KNDY-FM
- Marysville, Kansas; United States;
- Broadcast area: Marysville, Kansas, extending into Beatrice, Nebraska
- Frequency: 95.5 MHz
- Branding: 95.5 FM KNDY

Programming
- Format: Country music
- Affiliations: ABC News Radio

Ownership
- Owner: Dierking Communications, Inc.

History
- Call sign meaning: K ANDY Grauer, original station manager.

Technical information
- Licensing authority: FCC
- Facility ID: 16915
- Class: C3
- ERP: 25,000 watts
- HAAT: 100 meters (330 ft)

Links
- Public license information: Public file; LMS;
- Webcast: Listen Live
- Website: www.kndyradio.com

= KNDY-FM =

KNDY-FM (95.5 MHz) is commercial radio station in Marysville, Kansas that plays country music as well as local news, weather, and sports coverage. The station signed on the air July 23, 1974 and moved into a new broadcast studio with sister-station KNDY 1570 AM in July 2006.

== Newscasts==
Monday-Friday
- KNDY Morning News (7:00-8:00AM)
- KNDY Midday News (12:00-1:00PM)
- KNDY Evening News (5:00-6:00PM)

==Sports Programming==
KNDY FM 95.5 is an affiliate of the Kansas Jayhawks radio network.

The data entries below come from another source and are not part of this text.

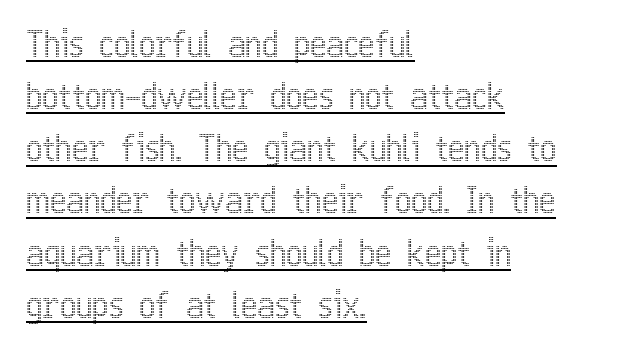
If you measured baseline to baseline, you'd find a middling distance. Caption: standard tracking, unaltered. This sample has the flowing, uneven cadence of proportional lettering. Compared with undecorated copy, this sample adds a rule below the words. Posture: vertical. Horizontal alignment here is leftward, the default for most running prose.
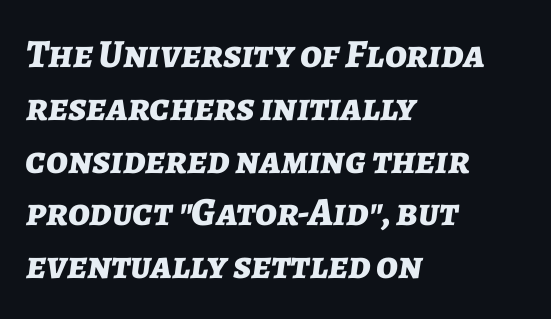
{"italic": "yes", "lean": "right", "slant_degrees": 7, "bold": "yes", "weight": "bold", "width": "normal", "stroke_contrast": "low", "x_height": "medium", "monospaced": "no", "underline": "no", "align": "left", "line_spacing": "normal", "line_spacing_ratio": 1.32, "letter_spacing": "normal", "letter_spacing_em": 0.0, "glyph_px": 40}
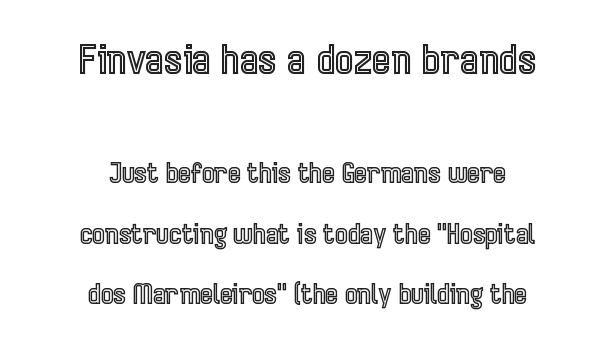
Baseline-to-baseline distance is far greater than the letter height. This sample has the flowing, uneven cadence of proportional lettering. In this sample the first text group is rendered at the bigger scale. Check under the words: just untouched page. The letters stand straight up with perfectly vertical stems.
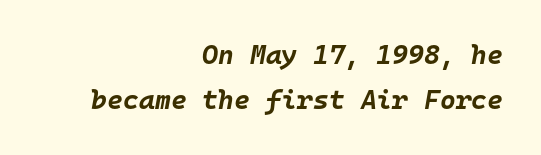
Reading down the block, your eye finds every line finishing at a fixed right position. Words appear dense and cohesive because spacing is normal. Quick note: interline space is typical. The baseline area is clear. The rendering applies a slant to the glyphs. As a designer I'd log this as weight 700, bold.
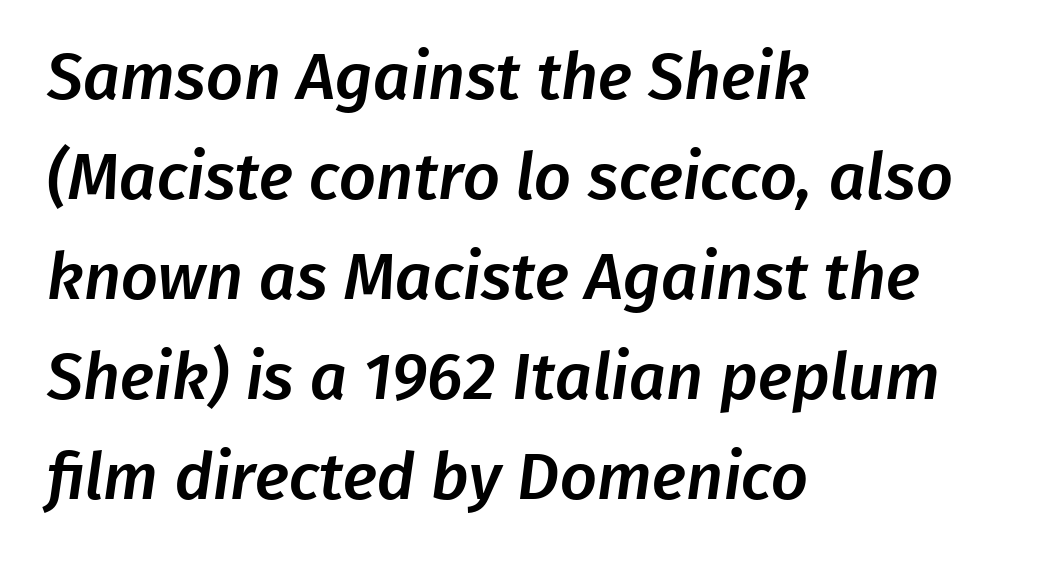
The image shows 65 px sans-serif type; set left-aligned, normal line spacing (1.54x), normal letter spacing, not underlined; low stroke contrast and a medium x-height.
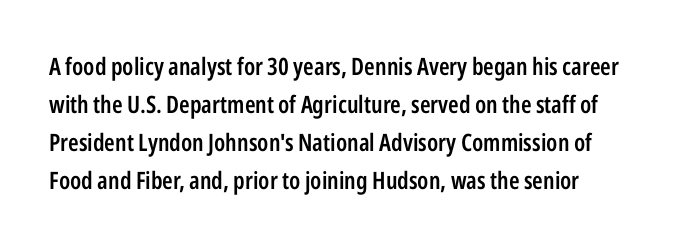
Q: Is the text bold? A: Semi-bold.
Q: Is the text italic (slanted)? A: No, it is upright.
Q: Is the text underlined? A: No.
Q: Is the spacing between letters normal or unusually wide? A: Normal.
Q: Is the spacing between lines tight, normal or loose? A: Normal.
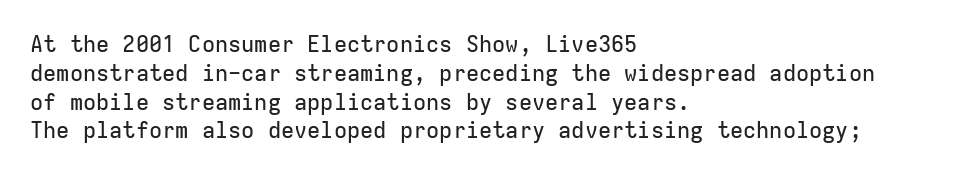
Q: Is the text italic (slanted)? A: No, it is upright.
Q: Is the text underlined? A: No.
Q: How is the paragraph aligned? A: Left-aligned.
Q: Is the spacing between letters normal or unusually wide? A: Normal.
Q: Is the spacing between lines tight, normal or loose? A: Normal.
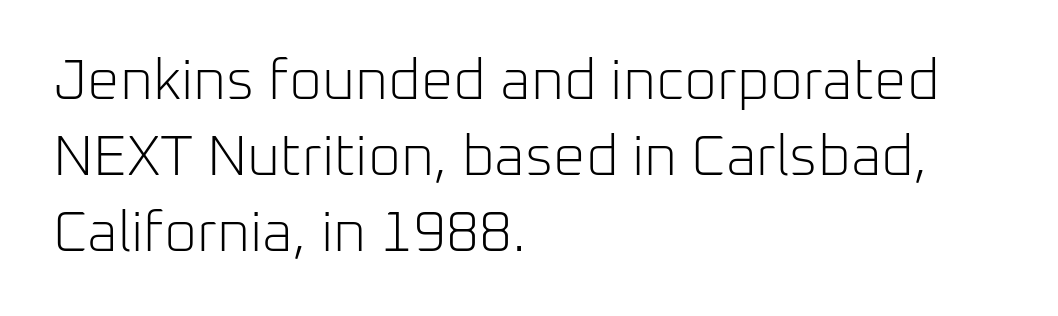
Q: Is the text bold? A: No.
Q: Is the text italic (slanted)? A: No, it is upright.
Q: Is the typeface a serif or a sans-serif typeface? A: Sans-serif.
Q: Is the text underlined? A: No.
Q: How is the paragraph aligned? A: Left-aligned.
Q: Is the spacing between letters normal or unusually wide? A: Normal.
Q: Is the spacing between lines tight, normal or loose? A: Normal.
Q: Width (condensed, normal, or wide)? A: Normal.
Q: Stroke contrast? A: Low.
Q: x-height? A: Medium.
Q: Monospaced? A: No.
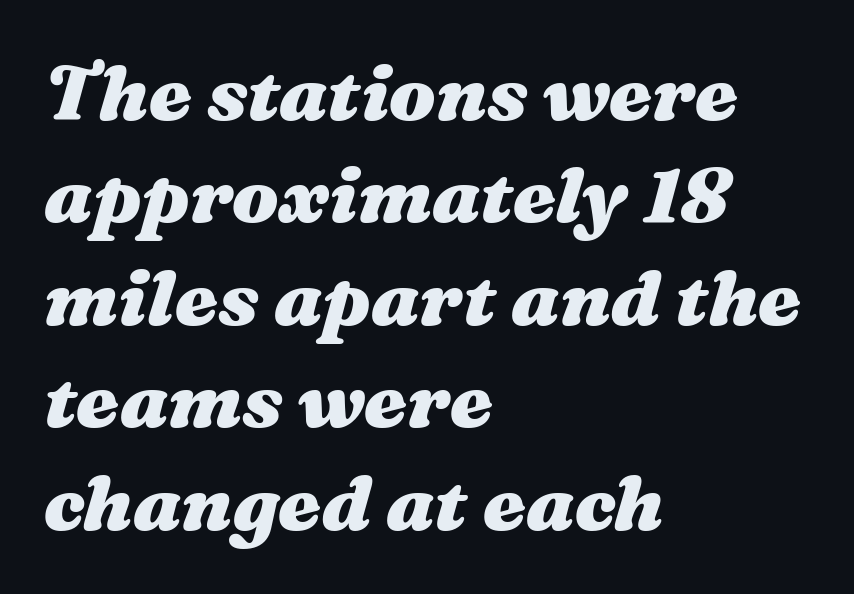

The station features play by play of KU football and men's basketball. During the fall and winter seasons the station features live play by play of Marshall and Washington county high school football and boys and girls basketball games. Starting in 2011 Marysville High School football and boys and girls basketball will move to KNDY AM 1570/FM 94.1.